69873 – Vectorizer fails to emit runtime profitability check if no peeling/versioning is done

Bug 69873 - Vectorizer fails to emit runtime profitability check if no peeling/versioning is done

Summary: Vectorizer fails to emit runtime profitability check if no peeling/versioning...

Status:	ASSIGNED

Alias:	None

Product:	gcc
Classification:	Unclassified
Component:	tree-optimization (show other bugs)
Version:	6.0

Importance:	P3 normal
Target Milestone:	---
Assignee:	Richard Biener

URL:
Keywords:	missed-optimization

Depends on:
Blocks:

Reported:	2016-02-19 12:19 UTC by Richard Biener
Modified:	2022-03-29 13:10 UTC (History)
CC List:	0 users

See Also:
Host:
Target:
Build:
Known to work:
Known to fail:
Last reconfirmed:	2016-02-19 00:00:00

Attachments
patch (1.15 KB, patch) 2016-02-19 12:28 UTC, Richard Biener	Details \| Diff
View All Add an attachment (proposed patch, testcase, etc.)

Note You need to log in before you can comment on or make changes to this bug.

Description Richard Biener 2016-02-19 12:19:44 UTC

double a[1024];
void foo (unsigned n)
{
  for (unsigned i = 0; i < n * 2; ++i)
    a[i] = 1.;
}

currently says the threshold is > 3 iterations but no such guard is added
(whether that's a reasonable threshold is another question of course).

Comment 1 Richard Biener 2016-02-19 12:28:39 UTC

Created attachment 37740 [details]
patch

Patch fixing this.  Also fixing some incosistencies in cost estimation which unfortunately "improves" the threshold to > 6 iterations.

Issues with the cost model include the odd separation between taken vs. not-taken
branch cost (as opposed to fallthru, not fallthru or well predicted vs. not predicted).  This artificially raises the cost of the vectorized path (on x86_64
generic model, vectorized path has a "taken" branch of cost 3 while unvectorized
has an "not taken" branch of cost 1).

Another issue is the prologue cost for emitting the vector double constant
{ 1., 1. }.  The scalar version also has a constant pool entry but we assume
none exist for the scalar path - reasonable only if insns with immediate forms
are available which IMHO is not reasonable to assume for FP modes.  This skews
the cost by one.

If you disable cunroll then generated code is

        cmpl    $6, %edi
        jbe     .L3
        subl    $2, %edi
        movapd  .LC0(%rip), %xmm0
        shrl    %edi
        xorl    %eax, %eax
        leal    1(%rdi), %ecx
.L4:
        movq    %rax, %rdx
        addq    $1, %rax
        salq    $4, %rdx
        cmpl    %eax, %ecx
        movaps  %xmm0, a(%rdx)
        ja      .L4

        rep ret
.L3:
        movsd   .LC1(%rip), %xmm0
        xorl    %eax, %eax
.L6:
        movsd   %xmm0, a(,%rax,8)
        addq    $1, %rax
        cmpl    %eax, %edi
        ja      .L6
.L1:
        rep ret

so the stupid IV choice makes the runtime check reasonable.

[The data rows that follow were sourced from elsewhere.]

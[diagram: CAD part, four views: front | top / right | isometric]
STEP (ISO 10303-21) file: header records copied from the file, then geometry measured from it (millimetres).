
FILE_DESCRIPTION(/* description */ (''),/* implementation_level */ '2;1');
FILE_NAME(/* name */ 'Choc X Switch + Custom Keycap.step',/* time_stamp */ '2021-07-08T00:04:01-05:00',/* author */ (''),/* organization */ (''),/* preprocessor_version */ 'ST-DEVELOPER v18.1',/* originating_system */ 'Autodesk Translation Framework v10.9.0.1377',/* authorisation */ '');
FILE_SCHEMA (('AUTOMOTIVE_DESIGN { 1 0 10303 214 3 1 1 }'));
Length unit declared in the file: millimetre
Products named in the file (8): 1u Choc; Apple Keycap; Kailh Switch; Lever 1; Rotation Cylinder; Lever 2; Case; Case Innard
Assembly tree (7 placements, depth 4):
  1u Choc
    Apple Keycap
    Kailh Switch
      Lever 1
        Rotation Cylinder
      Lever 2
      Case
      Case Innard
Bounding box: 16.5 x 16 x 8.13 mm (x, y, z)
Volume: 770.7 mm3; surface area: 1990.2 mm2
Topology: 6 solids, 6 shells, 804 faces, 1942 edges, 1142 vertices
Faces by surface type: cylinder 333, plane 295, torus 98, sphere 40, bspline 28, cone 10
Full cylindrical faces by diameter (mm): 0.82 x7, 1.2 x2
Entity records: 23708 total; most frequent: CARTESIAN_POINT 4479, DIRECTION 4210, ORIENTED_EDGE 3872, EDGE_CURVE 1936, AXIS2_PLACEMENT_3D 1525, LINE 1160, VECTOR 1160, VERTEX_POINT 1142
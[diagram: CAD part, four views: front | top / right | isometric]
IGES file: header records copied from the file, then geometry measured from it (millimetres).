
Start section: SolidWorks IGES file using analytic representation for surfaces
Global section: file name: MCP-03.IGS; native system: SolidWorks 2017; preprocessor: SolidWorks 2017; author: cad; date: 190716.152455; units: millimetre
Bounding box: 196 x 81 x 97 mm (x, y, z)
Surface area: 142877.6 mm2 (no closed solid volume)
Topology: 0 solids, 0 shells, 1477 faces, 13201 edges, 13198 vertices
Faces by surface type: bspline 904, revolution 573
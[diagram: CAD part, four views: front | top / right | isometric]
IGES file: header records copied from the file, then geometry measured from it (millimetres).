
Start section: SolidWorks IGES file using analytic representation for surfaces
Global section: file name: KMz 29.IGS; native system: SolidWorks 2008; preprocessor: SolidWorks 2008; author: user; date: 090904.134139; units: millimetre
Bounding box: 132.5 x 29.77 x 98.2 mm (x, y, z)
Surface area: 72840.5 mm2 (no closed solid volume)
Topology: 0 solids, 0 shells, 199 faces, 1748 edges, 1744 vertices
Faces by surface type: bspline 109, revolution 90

Comment 2 Richard Biener 2016-02-19 12:36:32 UTC

ICC decides to have a cut-off at 8 iterations, having an unrolled vectorized
iteration

..B1.4:                         # Preds ..B1.4 ..B1.3
        addl      $8, %eax                                      #4.3
        movaps    %xmm0, a(,%rdx,8)                             #5.5
        cmpl      %ecx, %eax                                    #4.3
        movaps    %xmm0, 16+a(,%rdx,8)                          #5.5
        movaps    %xmm0, 32+a(,%rdx,8)                          #5.5
        movaps    %xmm0, 48+a(,%rdx,8)                          #5.5
        movl      %eax, %edx                                    #4.3
        jb        ..B1.4 

with a shared scalar epilogue (shared with the non-vectorized path)

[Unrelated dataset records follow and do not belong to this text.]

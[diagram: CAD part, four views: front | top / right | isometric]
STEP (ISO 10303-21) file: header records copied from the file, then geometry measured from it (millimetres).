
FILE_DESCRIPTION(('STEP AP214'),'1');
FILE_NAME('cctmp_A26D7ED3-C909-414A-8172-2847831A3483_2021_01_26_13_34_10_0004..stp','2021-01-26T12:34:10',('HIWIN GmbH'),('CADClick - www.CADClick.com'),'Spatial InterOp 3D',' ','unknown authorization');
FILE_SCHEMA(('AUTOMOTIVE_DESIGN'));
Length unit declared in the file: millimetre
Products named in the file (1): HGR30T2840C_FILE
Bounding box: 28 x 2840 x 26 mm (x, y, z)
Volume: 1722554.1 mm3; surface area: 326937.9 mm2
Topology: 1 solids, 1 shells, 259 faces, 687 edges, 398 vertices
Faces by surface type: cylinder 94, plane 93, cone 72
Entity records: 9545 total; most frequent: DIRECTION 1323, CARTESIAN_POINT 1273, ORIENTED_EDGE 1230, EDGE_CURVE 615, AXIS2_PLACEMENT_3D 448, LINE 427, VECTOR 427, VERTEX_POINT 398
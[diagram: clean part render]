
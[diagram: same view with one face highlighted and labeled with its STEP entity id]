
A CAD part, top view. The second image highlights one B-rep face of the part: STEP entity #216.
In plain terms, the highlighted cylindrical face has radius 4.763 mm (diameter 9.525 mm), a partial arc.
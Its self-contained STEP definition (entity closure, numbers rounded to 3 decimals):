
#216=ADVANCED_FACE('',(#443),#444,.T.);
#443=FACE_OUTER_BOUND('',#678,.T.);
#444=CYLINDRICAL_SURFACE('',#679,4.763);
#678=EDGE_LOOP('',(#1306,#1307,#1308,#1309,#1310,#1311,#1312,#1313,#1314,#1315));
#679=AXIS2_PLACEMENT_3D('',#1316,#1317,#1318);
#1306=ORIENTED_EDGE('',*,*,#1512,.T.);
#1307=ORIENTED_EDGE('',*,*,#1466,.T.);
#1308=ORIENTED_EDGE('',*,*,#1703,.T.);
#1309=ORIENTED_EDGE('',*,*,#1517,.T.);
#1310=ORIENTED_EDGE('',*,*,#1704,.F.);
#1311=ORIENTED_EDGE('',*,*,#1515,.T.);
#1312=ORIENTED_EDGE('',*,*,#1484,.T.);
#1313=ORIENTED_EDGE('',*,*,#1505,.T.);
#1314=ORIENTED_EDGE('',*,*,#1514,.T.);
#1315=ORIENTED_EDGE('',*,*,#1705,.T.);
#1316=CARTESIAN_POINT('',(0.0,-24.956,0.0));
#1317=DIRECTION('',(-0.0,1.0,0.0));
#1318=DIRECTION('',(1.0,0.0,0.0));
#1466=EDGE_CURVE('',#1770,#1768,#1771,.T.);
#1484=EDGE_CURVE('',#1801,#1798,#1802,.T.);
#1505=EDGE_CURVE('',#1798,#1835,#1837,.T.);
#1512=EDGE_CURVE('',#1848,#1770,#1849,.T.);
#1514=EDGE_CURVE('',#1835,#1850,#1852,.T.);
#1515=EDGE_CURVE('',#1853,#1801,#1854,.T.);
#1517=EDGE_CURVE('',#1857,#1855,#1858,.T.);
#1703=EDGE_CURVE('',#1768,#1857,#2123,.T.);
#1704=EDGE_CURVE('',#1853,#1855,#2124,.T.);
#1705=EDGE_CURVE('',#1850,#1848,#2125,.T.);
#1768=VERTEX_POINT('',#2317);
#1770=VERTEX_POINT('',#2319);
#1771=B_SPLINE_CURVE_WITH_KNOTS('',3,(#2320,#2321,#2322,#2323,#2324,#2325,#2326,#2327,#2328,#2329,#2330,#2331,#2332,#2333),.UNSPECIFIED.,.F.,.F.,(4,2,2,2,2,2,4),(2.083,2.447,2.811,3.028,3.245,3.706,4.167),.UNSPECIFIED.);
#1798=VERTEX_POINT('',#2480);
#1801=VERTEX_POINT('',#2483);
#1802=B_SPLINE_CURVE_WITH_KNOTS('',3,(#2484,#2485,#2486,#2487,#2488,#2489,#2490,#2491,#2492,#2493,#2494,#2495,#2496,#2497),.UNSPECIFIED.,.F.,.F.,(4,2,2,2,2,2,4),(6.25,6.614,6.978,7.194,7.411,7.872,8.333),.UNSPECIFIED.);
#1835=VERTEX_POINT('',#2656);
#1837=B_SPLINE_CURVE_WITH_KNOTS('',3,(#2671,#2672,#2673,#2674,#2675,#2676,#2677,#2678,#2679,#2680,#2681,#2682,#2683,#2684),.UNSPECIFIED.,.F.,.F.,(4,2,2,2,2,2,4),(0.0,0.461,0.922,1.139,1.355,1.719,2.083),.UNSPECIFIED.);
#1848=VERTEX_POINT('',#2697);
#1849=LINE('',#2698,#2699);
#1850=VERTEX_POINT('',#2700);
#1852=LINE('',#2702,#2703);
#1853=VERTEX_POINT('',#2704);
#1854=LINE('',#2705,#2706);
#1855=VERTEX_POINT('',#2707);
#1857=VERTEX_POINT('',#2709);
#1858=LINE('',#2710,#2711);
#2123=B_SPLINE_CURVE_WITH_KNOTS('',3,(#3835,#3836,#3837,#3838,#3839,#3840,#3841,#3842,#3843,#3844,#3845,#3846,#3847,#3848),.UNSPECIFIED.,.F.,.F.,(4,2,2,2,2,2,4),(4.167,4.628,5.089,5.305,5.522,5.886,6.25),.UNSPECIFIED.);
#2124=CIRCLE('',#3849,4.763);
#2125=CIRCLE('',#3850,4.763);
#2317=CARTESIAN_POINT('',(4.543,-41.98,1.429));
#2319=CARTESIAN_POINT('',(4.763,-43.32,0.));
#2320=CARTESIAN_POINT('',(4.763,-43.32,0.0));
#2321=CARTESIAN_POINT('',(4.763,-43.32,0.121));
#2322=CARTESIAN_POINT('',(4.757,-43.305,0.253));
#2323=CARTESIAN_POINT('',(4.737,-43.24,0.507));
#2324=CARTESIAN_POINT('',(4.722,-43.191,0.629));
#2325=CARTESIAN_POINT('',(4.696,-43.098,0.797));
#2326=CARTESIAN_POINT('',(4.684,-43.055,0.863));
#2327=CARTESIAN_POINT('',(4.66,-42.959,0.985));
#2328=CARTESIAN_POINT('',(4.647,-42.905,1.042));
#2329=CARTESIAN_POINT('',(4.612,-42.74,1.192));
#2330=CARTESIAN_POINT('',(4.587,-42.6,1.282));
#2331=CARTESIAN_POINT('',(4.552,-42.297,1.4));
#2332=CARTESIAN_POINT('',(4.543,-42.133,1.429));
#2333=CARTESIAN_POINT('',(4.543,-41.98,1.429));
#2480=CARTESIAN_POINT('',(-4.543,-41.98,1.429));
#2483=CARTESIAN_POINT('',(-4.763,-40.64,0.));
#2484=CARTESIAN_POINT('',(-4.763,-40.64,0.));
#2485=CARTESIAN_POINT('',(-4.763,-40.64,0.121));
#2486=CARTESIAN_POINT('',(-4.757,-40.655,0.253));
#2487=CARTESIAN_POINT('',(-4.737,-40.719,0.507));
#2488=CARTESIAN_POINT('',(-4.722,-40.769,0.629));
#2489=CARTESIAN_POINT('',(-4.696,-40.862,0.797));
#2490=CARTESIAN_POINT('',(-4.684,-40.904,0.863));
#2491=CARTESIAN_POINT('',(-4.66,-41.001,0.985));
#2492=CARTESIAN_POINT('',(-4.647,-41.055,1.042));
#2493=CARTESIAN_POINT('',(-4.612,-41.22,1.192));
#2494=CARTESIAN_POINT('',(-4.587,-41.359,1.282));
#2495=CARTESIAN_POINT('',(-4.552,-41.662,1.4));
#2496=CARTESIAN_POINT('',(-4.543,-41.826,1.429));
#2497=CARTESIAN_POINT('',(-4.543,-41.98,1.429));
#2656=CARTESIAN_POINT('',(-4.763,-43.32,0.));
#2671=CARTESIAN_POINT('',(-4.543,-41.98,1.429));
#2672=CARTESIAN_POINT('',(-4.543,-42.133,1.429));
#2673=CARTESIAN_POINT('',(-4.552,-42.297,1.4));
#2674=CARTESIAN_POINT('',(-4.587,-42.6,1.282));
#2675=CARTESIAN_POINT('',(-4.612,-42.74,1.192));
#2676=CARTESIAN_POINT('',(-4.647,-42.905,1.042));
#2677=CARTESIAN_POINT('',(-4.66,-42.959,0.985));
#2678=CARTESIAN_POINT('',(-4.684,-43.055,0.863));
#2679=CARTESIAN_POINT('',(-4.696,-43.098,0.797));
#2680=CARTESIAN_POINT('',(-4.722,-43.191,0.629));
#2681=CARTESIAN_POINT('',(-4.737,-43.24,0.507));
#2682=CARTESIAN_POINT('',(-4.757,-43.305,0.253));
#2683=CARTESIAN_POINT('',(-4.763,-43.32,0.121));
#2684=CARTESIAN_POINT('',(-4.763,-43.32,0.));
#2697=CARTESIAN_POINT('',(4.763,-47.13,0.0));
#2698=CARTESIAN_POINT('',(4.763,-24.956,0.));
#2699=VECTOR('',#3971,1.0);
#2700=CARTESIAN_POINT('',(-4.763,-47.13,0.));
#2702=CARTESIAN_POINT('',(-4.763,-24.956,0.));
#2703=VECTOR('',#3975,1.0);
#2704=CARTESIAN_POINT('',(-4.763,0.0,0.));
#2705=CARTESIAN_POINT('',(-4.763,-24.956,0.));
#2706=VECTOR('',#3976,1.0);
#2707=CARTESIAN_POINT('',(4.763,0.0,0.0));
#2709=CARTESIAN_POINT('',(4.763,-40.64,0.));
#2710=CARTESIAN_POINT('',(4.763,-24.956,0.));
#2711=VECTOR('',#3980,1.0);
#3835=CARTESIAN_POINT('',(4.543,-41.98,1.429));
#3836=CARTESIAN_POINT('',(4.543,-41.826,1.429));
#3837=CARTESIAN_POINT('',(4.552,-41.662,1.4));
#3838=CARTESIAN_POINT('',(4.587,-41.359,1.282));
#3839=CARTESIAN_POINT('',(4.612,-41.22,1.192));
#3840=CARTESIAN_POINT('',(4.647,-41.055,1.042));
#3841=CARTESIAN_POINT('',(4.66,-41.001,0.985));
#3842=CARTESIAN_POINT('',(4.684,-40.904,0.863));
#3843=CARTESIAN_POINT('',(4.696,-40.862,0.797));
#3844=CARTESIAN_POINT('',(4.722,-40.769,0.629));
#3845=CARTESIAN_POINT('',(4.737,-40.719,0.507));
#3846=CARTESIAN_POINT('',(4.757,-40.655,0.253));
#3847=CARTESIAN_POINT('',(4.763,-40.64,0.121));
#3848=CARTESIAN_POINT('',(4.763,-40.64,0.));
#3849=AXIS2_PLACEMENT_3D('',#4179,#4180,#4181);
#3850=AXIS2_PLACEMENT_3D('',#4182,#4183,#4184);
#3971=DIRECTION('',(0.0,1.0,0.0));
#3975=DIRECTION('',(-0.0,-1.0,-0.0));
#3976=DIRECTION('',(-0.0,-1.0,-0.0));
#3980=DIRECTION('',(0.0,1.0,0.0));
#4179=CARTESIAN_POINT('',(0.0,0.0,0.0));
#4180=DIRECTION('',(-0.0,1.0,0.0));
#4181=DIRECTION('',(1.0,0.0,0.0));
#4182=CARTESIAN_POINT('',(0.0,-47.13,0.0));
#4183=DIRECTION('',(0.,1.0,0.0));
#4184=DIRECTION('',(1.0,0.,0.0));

..B1.8:                         # Preds ..B1.8 ..B1.7
        incl      %edx                                          #4.3
        movq      %rax, a(,%rcx,8)                              #5.5
        incl      %ecx                                          #4.3
        cmpl      %edi, %edx                                    #4.3
        jb        ..B1.8  

where at least that scalar loop with two IVs looks sub-optimal.

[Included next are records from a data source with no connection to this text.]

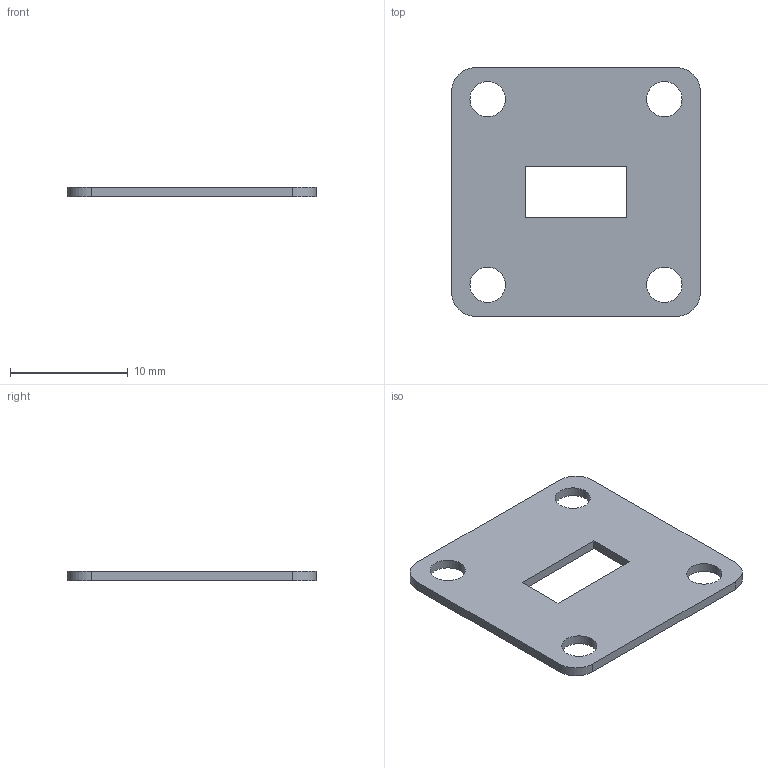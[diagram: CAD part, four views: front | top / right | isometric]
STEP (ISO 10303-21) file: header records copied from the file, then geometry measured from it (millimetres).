
FILE_DESCRIPTION (( 'STEP AP214' ), '1' );
FILE_NAME ('FMW34CG01_3D.step', '2024-09-23T17:02:01', ( '' ), ( '' ), 'SwSTEP 2.0', 'SolidWorks 2022', '' );
FILE_SCHEMA (( 'AUTOMOTIVE_DESIGN' ));
Length unit declared in the file: millimetre
Products named in the file (1): FMW34CG01_3D
Bounding box: 21.1 x 21.1 x 0.81 mm (x, y, z)
Volume: 304.7 mm3; surface area: 869.5 mm2
Topology: 1 solids, 1 shells, 22 faces, 60 edges, 40 vertices
Faces by surface type: cylinder 12, plane 10
Entity records: 762 total; most frequent: DIRECTION 130, CARTESIAN_POINT 123, ORIENTED_EDGE 120, EDGE_CURVE 60, AXIS2_PLACEMENT_3D 47, VERTEX_POINT 40, VECTOR 36, LINE 36
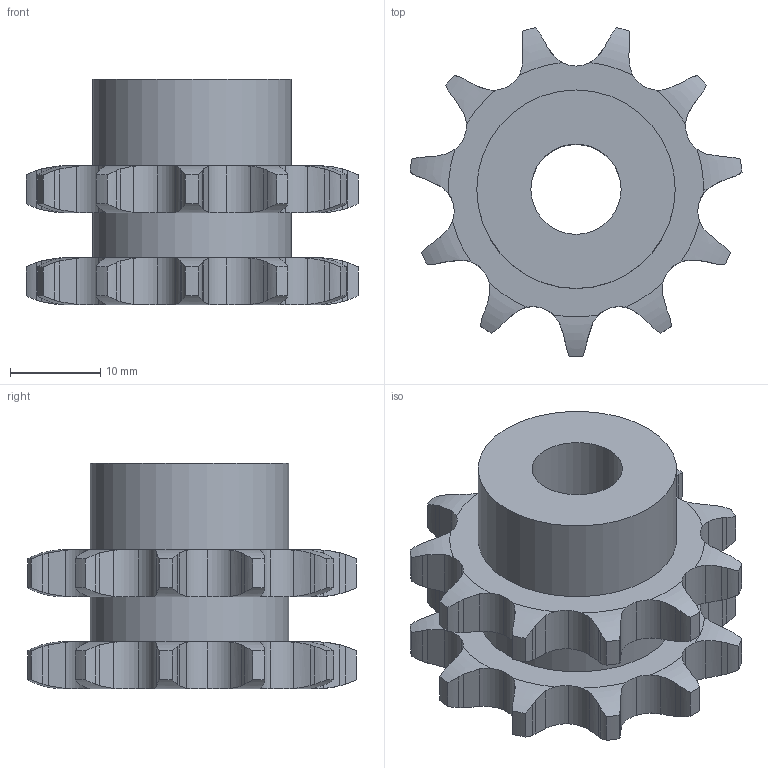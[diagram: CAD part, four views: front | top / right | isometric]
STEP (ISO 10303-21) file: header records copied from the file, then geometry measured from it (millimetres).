
FILE_DESCRIPTION(('FreeCAD Model'),'2;1');
FILE_NAME('Open CASCADE Shape Model','2021-07-18T16:27:52',('FreeCAD'),( 'FreeCAD'),'Open CASCADE STEP processor 7.4','FreeCAD','Unknown');
FILE_SCHEMA(('AUTOMOTIVE_DESIGN { 1 0 10303 214 1 1 1 1 }'));
Length unit declared in the file: millimetre
Products named in the file (1): Open CASCADE STEP translator 7.4 48
Bounding box: 36.8 x 36.44 x 25 mm (x, y, z)
Volume: 11309.1 mm3; surface area: 5380.4 mm2
Topology: 1 solids, 1 shells, 255 faces, 748 edges, 499 vertices
Faces by surface type: cylinder 157, plane 50, torus 48
Full cylindrical faces by diameter (mm): 10 x1, 22 x2
Entity records: 22755 total; most frequent: CARTESIAN_POINT 9983, DIRECTION 1775, ORIENTED_EDGE 1496, PCURVE 1496, DEFINITIONAL_REPRESENTATION 1496, B_SPLINE_CURVE_WITH_KNOTS 1068, LINE 841, VECTOR 841

This also shows that unrolling from within the vectorizer might be more
profitable than doing it afterwards (generating an additional vectorized
epilogue for the remaining vectorized iterations).  Code-size wise, of course.

Comment 3 Richard Biener 2022-03-29 13:10:51 UTC

It's difficult to find a testcase that we'd vectorize with a runtime profitability check but whithout any versioning or peeling because we should always be able to statically decide profitability there - more vector iterations
shouldn't be able to offset any outside cost on the vector path because there is none (well, an "excessive" number of emitted splats maybe - but that starts to be quite a bit tricky).